2003年8月25日,文化部部长孙家正(前排右三)、国家清史编纂委员会主任戴逸(右二)等步入“两岸学者清史纂修研讨会”会场
老师花费在传记人物稿审读修改上的时间,不得计算。
我能去拜见老师的次数不算太多,但凡去的时候,总是从屋子玻璃窗户透出老师在“借来斋”的小书房兼卧室的书桌前看着稿子的背影,以及书桌上摊开的纂修的稿子,除了书稿外,还有查阅的史料等。
拜见老师时的谈话主题,也须臾不离清史编纂的中心议题,都是围绕清史编纂展开。回回如此,无一例外。
以上仅是修史中老师审阅修改传记人物稿的点滴,专鹜清史的老师所修改的清史手稿,不仅限于传记组一个部门,每个主体组的稿子均经项目中心交到老师手中过目和修正指导,也有的是各主体组自己提交的,老师均潜心审读和亲笔修正,且提出指导意见。老师花费在通纪、典志、史表纂修以及文献、编译、档案整理上的心血,有目共睹!在老师书房的外间,有2组老式样的大书柜,上面放满了各主体组完成的书稿,方便他老人家随手翻阅审读和修改。
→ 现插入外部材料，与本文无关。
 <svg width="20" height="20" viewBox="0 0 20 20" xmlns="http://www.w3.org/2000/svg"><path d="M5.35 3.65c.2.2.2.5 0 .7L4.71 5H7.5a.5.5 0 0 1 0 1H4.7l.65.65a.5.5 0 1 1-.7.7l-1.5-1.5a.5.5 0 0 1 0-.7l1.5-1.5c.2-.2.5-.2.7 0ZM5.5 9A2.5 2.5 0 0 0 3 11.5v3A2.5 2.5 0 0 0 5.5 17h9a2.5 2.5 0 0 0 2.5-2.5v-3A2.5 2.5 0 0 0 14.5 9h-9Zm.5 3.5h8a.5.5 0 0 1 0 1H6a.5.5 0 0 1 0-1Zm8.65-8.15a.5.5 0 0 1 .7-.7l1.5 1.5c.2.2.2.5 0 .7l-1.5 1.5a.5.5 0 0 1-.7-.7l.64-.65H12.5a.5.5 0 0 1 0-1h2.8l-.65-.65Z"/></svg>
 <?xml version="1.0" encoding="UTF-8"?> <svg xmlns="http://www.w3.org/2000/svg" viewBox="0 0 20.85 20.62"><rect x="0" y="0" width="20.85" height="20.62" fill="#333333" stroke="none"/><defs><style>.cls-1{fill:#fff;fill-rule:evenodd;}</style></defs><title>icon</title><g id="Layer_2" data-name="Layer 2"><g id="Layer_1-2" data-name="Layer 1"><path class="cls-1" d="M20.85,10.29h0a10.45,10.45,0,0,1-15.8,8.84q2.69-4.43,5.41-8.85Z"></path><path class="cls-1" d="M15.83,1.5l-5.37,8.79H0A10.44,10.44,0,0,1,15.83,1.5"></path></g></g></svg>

这些成果,大多数都经老师审阅过,因为书稿均夹着不同色彩的字条。
令人感动的是,老师对清史的感情已深入到其潜意识里了!在他老人家病重处于潜昏迷状态时,只要旁人谈话中说到“清史”两字,老师身体的肢体部位就会猛然颤动,有醒的表现!
专鹜清史的老师,将毕生心血花在清史纂修上,勤苦乐迷,鞠躬尽瘁!
吾辈唯有继承老师的遗愿,努力工作,力争《清史》早日刊印!
(注:搁笔提交此文已是9月2日晨,距老师的生辰9月10日没几天啦!谨以此深切纪念老师诞辰98周年!)
作者:赵珍,1962年生,青海西宁人,历史学博士。中国人民大学历史学院教授、博导,主要从事环境史、清史与中国历史人文地理的研究。主要著作有:《浮天载地:清代京畿水环境》(专著)、《资源、环境与国家权力——清代围场研究》(专著)、《清代西北生态变迁研究》(专著)、《绥边福将杨遇春研究》(专著)、《黄河上游地区城市研究(1644~1949)》(专著)以及《清代森林与土地管理》(译著)、《人物中国·两汉魏晋南北朝》(编著)、《中国西部开发与近代化》(合著)等。在《历史研究》《光明日报》等报刊发表论文60余篇,主持国家社科重大及多项省部级科研项目。